平时都是燕玲珑上赶着去杨家求见,哪成想杨大小姐贵脚临贱地,亲自登门,而且是为了商议婚期,这让燕玲珑怎能不激动万分?
她可做梦都想着杨濂喊她一声婶母呢。
因为迟迟凑不齐嫁妆,婚事渺茫,到底得亏杨家高抬贵手,终于肯促成姻缘了。
燕玲珑来到小巷,眼前的景象却让她大吃一惊。
只见池嫽和杨大小姐互相怒视,剑拔弩张地对峙着,恨不得扑上去撕打对方的模样,显然正在争吵。
池嫽的身旁还多了一个陌生公子,长得颇为俊俏。
“这是怎么回事?”燕玲珑脑袋里盘旋着疑问,指着景流丹问池嫽,“他是谁啊?”
不等池嫽回答,景流丹拱手施礼道:“见过池夫人,在下是集彩轩的店主景流丹。”
景流丹?
听见这个名字,杨春儿心头一个激灵,涌起似曾听闻之感,皱起眉来,重新认真打量起眼前的男子。
景流丹彬彬有礼,娓娓道来:“平日池小姐将画作放在我处售卖,今日她因故耽搁迟迟不来,我着急交画给主顾,便不请自来,登门索画。”
景流丹瞟了杨春儿一眼,“不料临走时被这位杨小姐误会,以为这画卷是什么定情之物,着实荒唐。既然夫人出面,请看仔细。”
景流丹将画卷一一打开,在众人面前晃过,确定是秋景图无疑。
若是情侣之间借书画传情,就会画相思红豆,并蒂莲花,鸳鸯戏水之类,似这等苍凉古意的秋景图纯属文人雅兴,与男女之情不沾边。
画卷一亮相,众人都心下敞亮,知道景流丹和池嫽之间清清白白。
至少,目前仍是。
饶是杨春儿想给池嫽背一口黑锅,借机破坏婚事,也不能拿所谓的“私情”来做文章了。
如此一来,只要池家不主动退婚,池杨两家还得结亲。
杨春儿本以为十拿九稳,突然失去了抓手,心情一落千丈。然而她心念一转,却在这时猛然想起,丈夫薛昳曾向她提起的,一桩关于景流丹的传闻。

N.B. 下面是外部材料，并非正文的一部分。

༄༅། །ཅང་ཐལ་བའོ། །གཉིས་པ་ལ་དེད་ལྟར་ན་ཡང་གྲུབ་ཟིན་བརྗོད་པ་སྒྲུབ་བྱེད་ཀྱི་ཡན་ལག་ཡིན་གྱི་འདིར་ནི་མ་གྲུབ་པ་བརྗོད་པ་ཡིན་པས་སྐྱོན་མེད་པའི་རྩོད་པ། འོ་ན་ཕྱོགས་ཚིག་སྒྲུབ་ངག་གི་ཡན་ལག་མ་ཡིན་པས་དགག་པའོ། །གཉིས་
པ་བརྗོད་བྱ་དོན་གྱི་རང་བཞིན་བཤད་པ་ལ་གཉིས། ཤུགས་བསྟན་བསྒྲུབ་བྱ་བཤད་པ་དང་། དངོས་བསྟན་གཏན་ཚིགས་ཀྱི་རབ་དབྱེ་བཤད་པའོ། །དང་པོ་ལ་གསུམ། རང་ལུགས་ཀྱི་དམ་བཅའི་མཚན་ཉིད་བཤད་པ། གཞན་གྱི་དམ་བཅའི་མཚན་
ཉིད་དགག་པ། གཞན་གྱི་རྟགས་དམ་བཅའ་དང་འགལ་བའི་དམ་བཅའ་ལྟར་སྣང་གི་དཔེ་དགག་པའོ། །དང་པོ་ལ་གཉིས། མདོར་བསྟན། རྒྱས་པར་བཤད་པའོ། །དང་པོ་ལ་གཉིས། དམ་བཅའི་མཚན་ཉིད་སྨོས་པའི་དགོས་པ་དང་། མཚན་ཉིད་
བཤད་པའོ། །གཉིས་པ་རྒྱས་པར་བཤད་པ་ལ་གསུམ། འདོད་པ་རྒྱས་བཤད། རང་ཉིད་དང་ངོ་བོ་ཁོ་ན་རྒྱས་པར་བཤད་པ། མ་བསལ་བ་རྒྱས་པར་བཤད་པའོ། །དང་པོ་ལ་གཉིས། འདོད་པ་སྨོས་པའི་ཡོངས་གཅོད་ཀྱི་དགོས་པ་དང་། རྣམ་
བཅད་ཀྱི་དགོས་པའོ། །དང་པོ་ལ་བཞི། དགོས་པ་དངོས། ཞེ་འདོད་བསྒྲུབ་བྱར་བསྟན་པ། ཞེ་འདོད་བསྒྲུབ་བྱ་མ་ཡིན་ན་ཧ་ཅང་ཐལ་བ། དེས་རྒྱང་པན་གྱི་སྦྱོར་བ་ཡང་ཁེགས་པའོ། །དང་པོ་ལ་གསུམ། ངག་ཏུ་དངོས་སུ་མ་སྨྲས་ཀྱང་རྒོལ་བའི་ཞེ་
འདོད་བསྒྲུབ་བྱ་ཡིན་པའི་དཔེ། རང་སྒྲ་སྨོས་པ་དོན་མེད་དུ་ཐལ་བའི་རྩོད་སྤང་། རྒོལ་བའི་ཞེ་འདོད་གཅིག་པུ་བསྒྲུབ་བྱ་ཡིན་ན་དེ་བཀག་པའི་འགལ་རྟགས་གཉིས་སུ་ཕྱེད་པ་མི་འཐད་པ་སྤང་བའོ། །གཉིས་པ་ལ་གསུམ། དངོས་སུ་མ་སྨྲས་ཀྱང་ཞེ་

“哦……是收画的呀。”燕玲珑睇一眼景流丹,“我们家池嫽可是将来的侍郎夫人,她的画作值多少银子一幅?”
景流丹如实回答:“十两。”
“十两!”燕玲珑的双眼陡然发亮。
杨春儿也不禁惊诧,眼皮跳了起来。
方才那些画儿展开时,瞧着画工笔意确实不错,可池嫽毕竟是年轻没名气的画师,即使画得好的也只能卖一两银子一幅,她却能卖十两。
若说这位景老板不是有意照顾池嫽,杨春儿打死也不信。
不等杨春儿质疑,燕玲珑抢先一步惊呼出声,“这么多!这里有四幅画,就是四十两银子咯?我是她的婶母,下次你把银两结算给我。”

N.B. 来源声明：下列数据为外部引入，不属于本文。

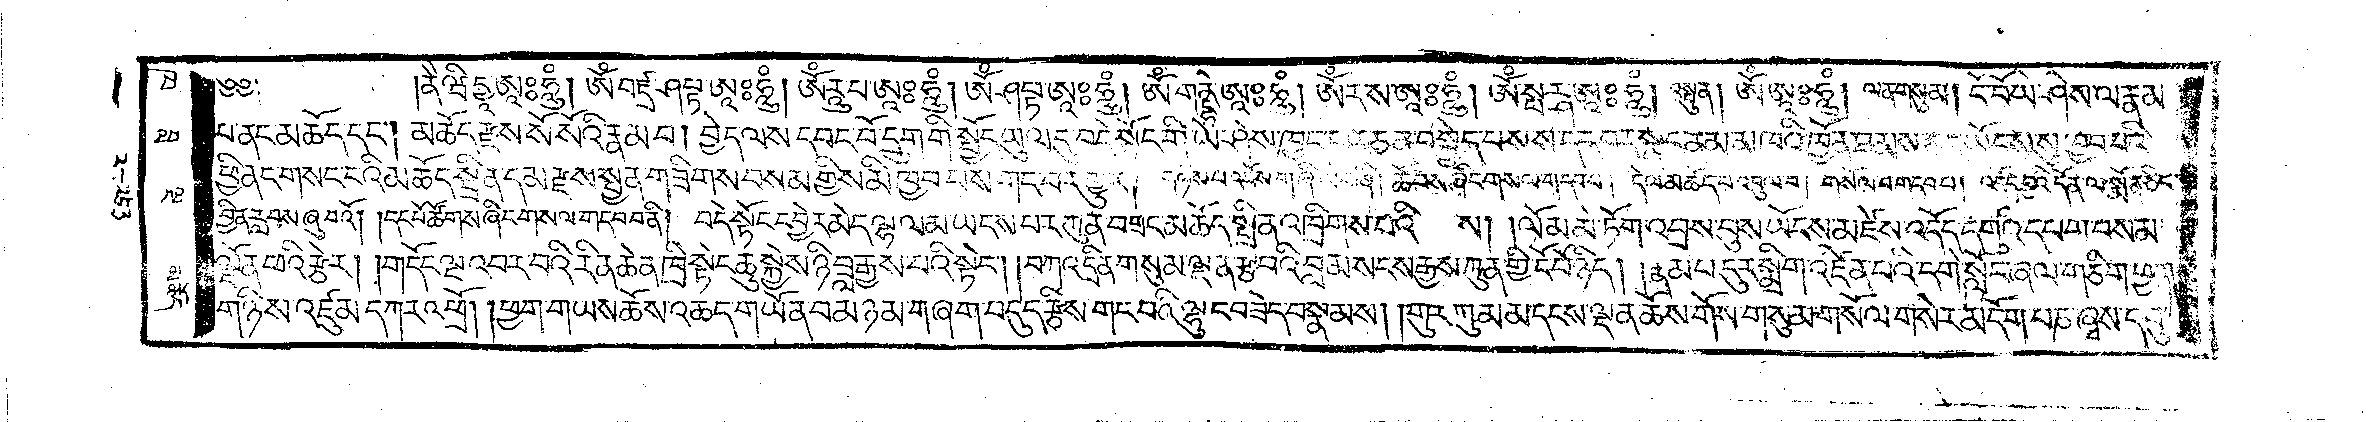༄༅། །ནཻ་ཝི་དྱཱ་ཨཱཿ ཧཱུཾ། ཨོཾ་བཛྲ་ཤཔྟ་ཨཱཿ ཧཱུཾ། ཨོཾ་རཱུ་པ་ཨཱཿ ཧཱུཾ། ཨོཾ་ཤཔྟ་ཨཱཿ ཧཱུཾ། ཨོཾ་གནྡྷེ་ཨཱཿ ཧཱུཾ། ཨོཾ་ར་ས་ཨཱཿ ཧཱུཾ། ཨོཾ་སྤརྴ་ཨཱཿ ཧཱུཾ། འྶྦུན། ཨོཾ་ཨཱཿ ཧཱཱུཾ། ལན་གསུམ། ངོ་བོ་ཡེ་ཤེས་ལ་རྣམ་
པ་ནང་མཆོད་དང་། མཆོད་རྫས་སོ་སོའི་རྣམ་བ། བྱེད་ལས་དབང་བོ་དྲུག་གི་སྤྱོད་ཡུལ་དུ་བདེ་སྟོང་གི་ཡེ་ཤེས་ཁྱད་བར་ཅན་བསྐྱེད་པས་ས་དང་བར་སྣང་ནམ་མཁའི་ཁྱོན་ཐམས་ཅད་ཡོངས་སུ་བྱ་བ་པའི་
ཕྱི་ནང་གསང་བའི་མཆོད་སྤྲིན་དམ་རྫས་སྤྱན་གཟིགས་བསམ་གྱིས་མི་ཁྱབ་པས་གང་བར་གྱུར། གཉིས་བ་འྔོས་གཞི་ལ་བཞི། ཚོ་བས་ཞིང་གསལ་གདབ་བ། དེ་ལ་མཆོད་པ་འབུལ་བ། གསོལ་བ་གདབ་བ། འདོད་བྱའི་དོན་ལ་སྨོན་ཅིང་
བྱིན་རླབས་ཞུ་བའོ། །དང་པོ་ཚོགས་ཞིང་གསལ་གདབ་བ་ནི། བདེ་སྟོང་དབྱེར་མེད་ལྷ་ལམ་ཡངས་བར་ཀུན་བགྲང་མཆོད་སྤྲིན་འཁྲིགས་བའི་ས། ལོམ་མེ་ཏོག་འབྲས་བུས་ཡོངས་མཛེས་འདོད་དགུའི་དཔག་བསམ་
ལྗོན་ཕའི་རྩེར། །གདོང་ལྔ་འབར་བའི་རིན་ཆེན་ཁྲི་སྟེང་ཆུ་སྐྱེས་ཉི་བྲལ་རྒྱས་བའི་སྟེང་། །བཀའ་དྲིན་གསུམ་ལྡན་རྩའི་བའི་བླ་མས་སངས་རྒྱས་ཀུན་གྱི་ངོ་བོ་ཉིད། རྣམ་པ་དུར་སྨྲིག་འཛིན་བའི་དགེ་སློང་ཞལ་གཅིག་ཕྱག་
གཉིས་འཛུམ་དཀར་འཕྲོ། །ཕྱག་གཡས་ཆོས་འཆད་གཡོན་བ་མཉམ་གཞག་བདུད་རྩིས་གང་བའི་ལྷུང་བཟེད་བསྣམས། །གུར་ཀུམ་མདངས་ལྡན་ཆོས་གོས་གསུམ་གསོལ་གསེར་མདོག་པཎ་ཞྭས་དབུ་

看着燕玲珑一副贪财的样子,景流丹哭笑不得,无奈地看向池嫽,不知该如何回答。
池嫽却无心纠结银两,只想让景流丹早些抽身离开,杨家是个火坑,每个人都不好惹,景流丹是个久在画室之人,他应该远离是非。
池嫽缓声对景流丹道:“家里事杂,你先回店里去吧。”
这份善意体贴,如一股温泉流淌进景流丹的胸膛里,这个柔弱无依的女子身处纷争中,心里牵挂的却是他的感受。
景流丹固然不想招惹杨春儿这等刁蛮小姐,可是如若杨春儿再仗势欺人,谁来保护池嫽?
景流丹迟疑着。
池嫽看出他眼里的担心,心头也生出留恋之意,可是眼下杨春儿要同燕玲珑商议婚期,她只能催促景流丹离开。
池嫽摆出三分客气,“景老板,卖画之事改日登门详谈,今日无暇招待,请回吧。”
景流丹见她如此说,也打算回了,可是刚迈了一步,心底仍是不放心,好像一颗心已被她牵绊住。